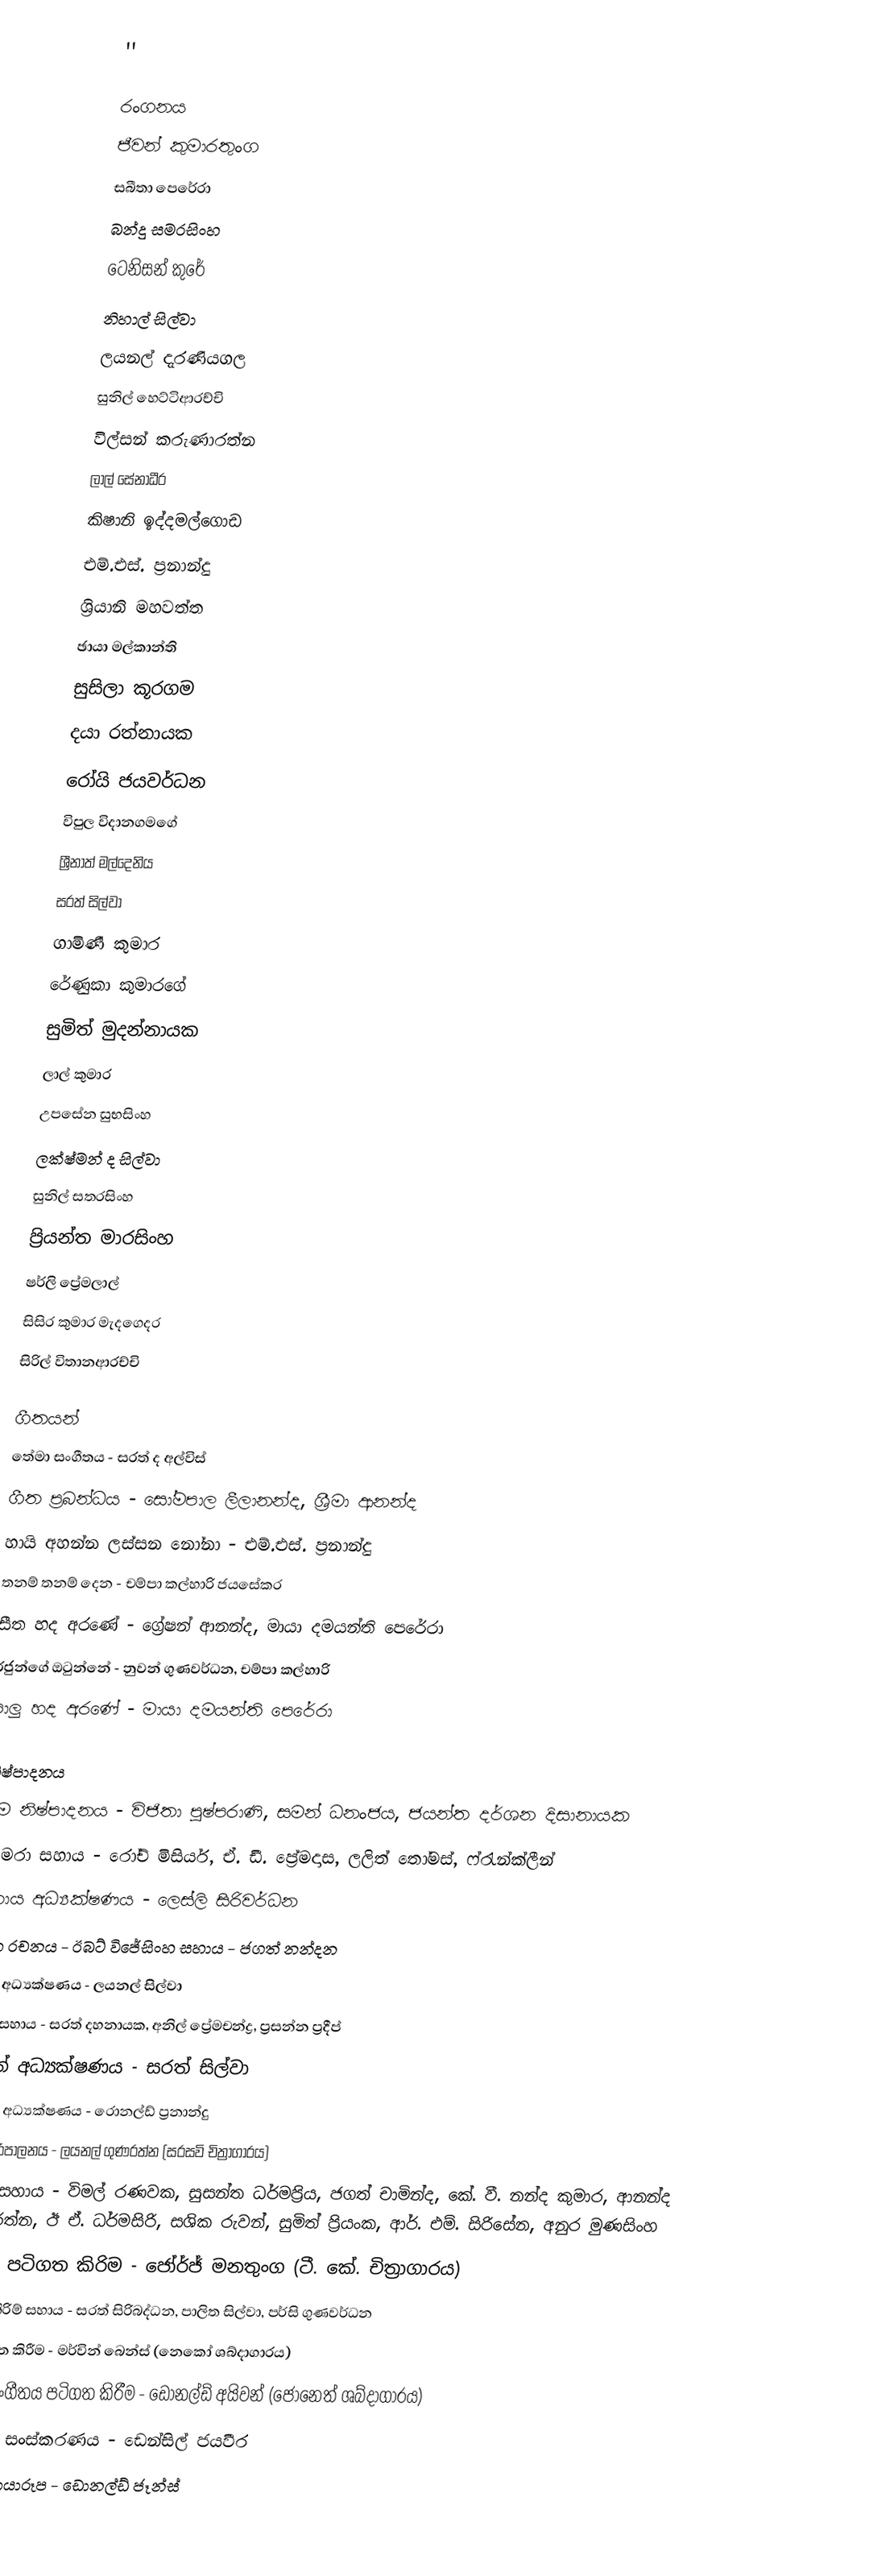
''

රංගනය
ජීවන් කුමාරතුංග
සබීතා පෙරේරා
බන්දු සමරසිංහ
ටෙනිසන් කුරේ
නිහාල් සිල්වා
ලයනල් දැරණියගල
සුනිල් හෙට්ටිආරච්චි
විල්සන් කරුණාරත්න
ලාල් සේනාධීර
කිෂානි ඉද්දමල්ගොඩ
එම්.එස්. ප්‍රනාන්දු
ශ්‍රියානි මහවත්ත
ඡායා මල්කාන්ති
සුසිලා කූරගම
දයා රත්නායක
රෝයි ජයවර්ධන
විපුල විදානගමගේ
ශ්‍රීනාත් මල්දෙනිය
සරත් සිල්වා
ගාමිණී කුමාර
රේණුකා කුමාරගේ
සුමිත් මුදන්නායක
ලාල් කුමාර
උපසේන සුභසිංහ
ලක්ෂ්මන් ද සිල්වා
සුනිල් සතරසිංහ
ප්‍රියන්ත මාරසිංහ
ෂර්ලි ප්‍රේමලාල්
සිසිර කුමාර මැදගෙදර
සිරිල් විතානආරච්චි

ගීතයන්
තේමා සංගීතය - සරත් ද අල්විස්
ගීත ප්‍රබන්ධය - සෝමපාල ලීලානන්ද, ශ්‍රීමා ආනන්ද
හායි අහන්න ලස්සන නෝනා - එම්.එස්. ප්‍රනාන්දු
තනම් තනම් දෙන - චම්පා කල්හාරි ජයසේකර
සීත හද අරණේ - ග්‍රේෂන් ආනන්ද, මායා දමයන්ති පෙරේරා
රජුන්ගේ ඔටුන්නේ - නුවන් ගුණවර්ධන, චම්පා කල්හාරි
පාලු හද අරණේ - මායා දමයන්ති පෙරේරා

නිෂ්පාදනය
සම නිෂ්පාදනය - විජිතා පුෂ්පරාණි, සමන් ධනංජය, ජයන්ත දර්ශන දිසානායක
කැමරා සහාය - රෝච් මිසියර්, ඒ. ඩී. ප්‍රේමදාස, ලලිත් තෝමස්, ෆ්රැන්ක්ලීන්
සහාය අධ්‍යක්ෂණය - ලෙස්ලි සිරිවර්ධන
අංග රචනය - ඊබට් විජේසිංහ සහාය - ජගත් නන්දන
කලා අධ්‍යක්ෂණය - ලයනල් සිල්වා
කලා සහාය - සරත් දහනායක, අනිල් ප්‍රේමචන්ද්‍ර, ප්‍රසන්න ප්‍රදීප්
සටන් අධ්‍යක්ෂණය - සරත් සිල්වා
නැටුම් අධ්‍යක්ෂණය - රොනල්ඩ් ප්‍රනාන්දු
ශබ්ද පරිපාලනය - ලයනල් ගුණරත්න (සරසවි චිත්‍රාගාරය)
ශබ්ද සහාය - විමල් රණවක, සුසන්ත ධර්මප්‍රිය, ජගත් චාමින්ද, කේ. වී. නන්ද කුමාර, ආනන්ද වික්‍රමරත්න, ඊ ඒ. ධර්මසිරි, සශික රුවන්, සුමිත් ප්‍රියංක, ආර්. එම්. සිරිසේන, අනුර මුණසිංහ
දෙබස් පටිගත කිරිම - ජෝර්ජ් මනතුංග (ටී. කේ. චිත්‍රාගාරය)
පටිගත කිරිම් සහාය - සරත් සිරිබද්ධන, පාලිත සිල්වා, පර්සි ගුණවර්ධන
ගීත පටිගත කිරීම - මර්වින් බෙන්ස් (නෙකෝ ශබ්දාගාරය)
පසුබිම් සංගීතය පටිගත කිරීම - ඩොනල්ඩ් අයිවන් (ජෝනෙත් ශබ්දාගාරය)
අතිරේක සංස්කරණය - ඩෙන්සිල් ජයවීර
නිශ්චල ඡායාරූප - ඩොනල්ඩ් ජෑන්ස්
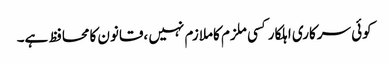
کوئی سرکاری اہلکارکسی ملزم کاملازم نہیں ،قانون کامحافظ ہے۔
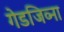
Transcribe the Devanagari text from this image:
गेडजिव्ना
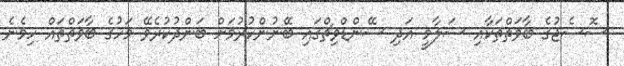
ސޮސެޖުގެ ބާވަތްތަކާއި ސަލާމީ އަދި ސޭންޑްވިޗްގައި ބޭނުންކުރުމަށް ބަންދުކުރެވޭ މަހުގެ ބާވަތްތައް ހިމެނެ
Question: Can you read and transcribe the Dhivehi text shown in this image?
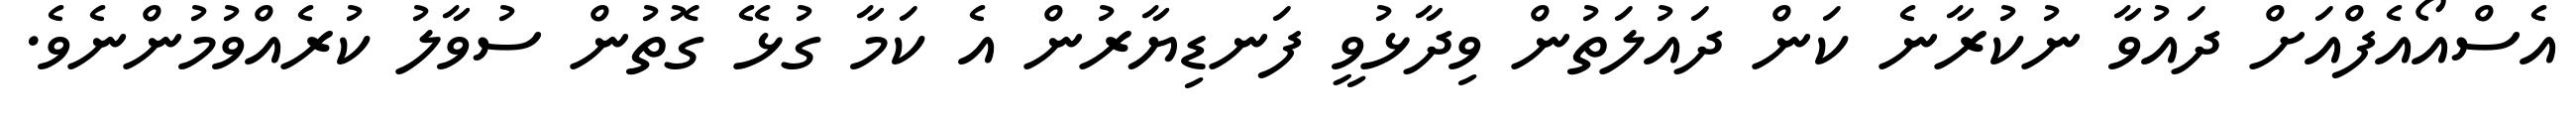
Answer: އެސްއޯއެފްއަށް ދައުވާ ނުކުރާނެ ކަން ދައުލަތުން ވިދާޅުވީ ފަނޑިޔާރުން އެ ކަމާ ގުޅޭ ގޮތުން ސުވާލު ކުރެއްވުމުންނެވެ.
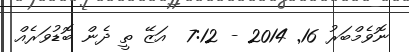
ނޮވެމްބަރު 16
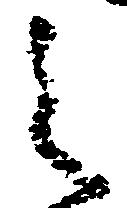
之
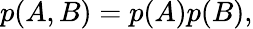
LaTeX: p(A,B)=p(A)p(B),
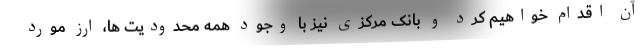
آن اقدام خواهیم کرد و بانک مرکزی نیز با وجود همه محدودیت ها، ارز مورد
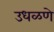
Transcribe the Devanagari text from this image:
उधळणे
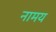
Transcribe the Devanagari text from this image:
नामय
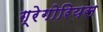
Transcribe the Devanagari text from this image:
ग्रेगोरियस
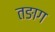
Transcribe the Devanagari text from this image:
तङाग
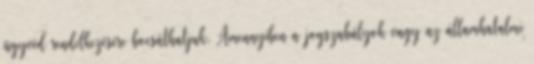
ügyvéd rendelkezésére bocsáthatjuk. Amennyiben a jogszabályok vagy az államhatalmi
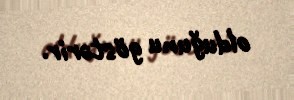
olduğunu göstərir.
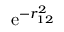
\mathrm { e } ^ { - r _ { 1 2 } ^ { 2 } }
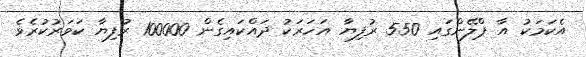
އެކަމަކު އާ ޕްލޭންގައި 550 ރުފިޔާ އަހަރަކު ދައްކައިގެން 100000 ރުފިޔާ ކަވަރުކުރެވެ
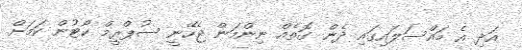
އަދި އެ މައްސަލައިގައި ދެން ގޮތެއް ނިންމަން ޖެހޭނީ ސުޕްރީމް ކޯޓުން ކަމަށް
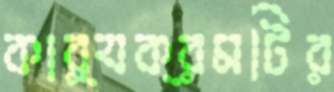
কার্যক্রমটির
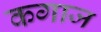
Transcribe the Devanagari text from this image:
कगाज
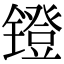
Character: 镫
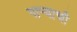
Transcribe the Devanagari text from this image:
पार्‍याची
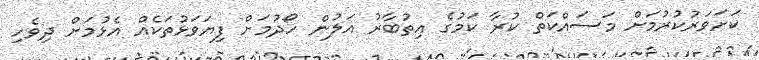
ކަށަވަރުކުރުމަށް މަސައްކަތް ކުރާ ކަމުގެ އިތުބާރު އަލުން ހޯދުމަށް ފިޔަވަޅުތަކެއް އެޅުމަށް ދިވެހި
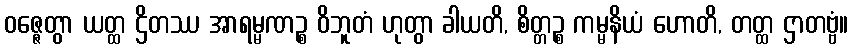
======
#### Problem requirements
From the entries above, give again exactly the lines running from the line with "රේණුකා කුමාරගේ" to the line with "සම නිෂ්පාදනය - විජිතා"; include both of those lines.

#### Worked solution
රේණුකා කුමාරගේ
සුමිත් මුදන්නායක
ලාල් කුමාර
උපසේන සුභසිංහ
ලක්ෂ්මන් ද සිල්වා
සුනිල් සතරසිංහ
ප්‍රියන්ත මාරසිංහ
ෂර්ලි ප්‍රේමලාල්
සිසිර කුමාර මැදගෙදර
සිරිල් විතානආරච්චි

ගීතයන්
තේමා සංගීතය - සරත් ද අල්විස්
ගීත ප්‍රබන්ධය - සෝමපාල ලීලානන්ද, ශ්‍රීමා ආනන්ද
හායි අහන්න ලස්සන නෝනා - එම්.එස්. ප්‍රනාන්දු
තනම් තනම් දෙන - චම්පා කල්හාරි ජයසේකර
සීත හද අරණේ - ග්‍රේෂන් ආනන්ද, මායා දමයන්ති පෙරේරා
රජුන්ගේ ඔටුන්නේ - නුවන් ගුණවර්ධන, චම්පා කල්හාරි
පාලු හද අරණේ - මායා දමයන්ති පෙරේරා

නිෂ්පාදනය
සම නිෂ්පාදනය - විජිතා පුෂ්පරාණි, සමන් ධනංජය, ජයන්ත දර්ශන දිසානායක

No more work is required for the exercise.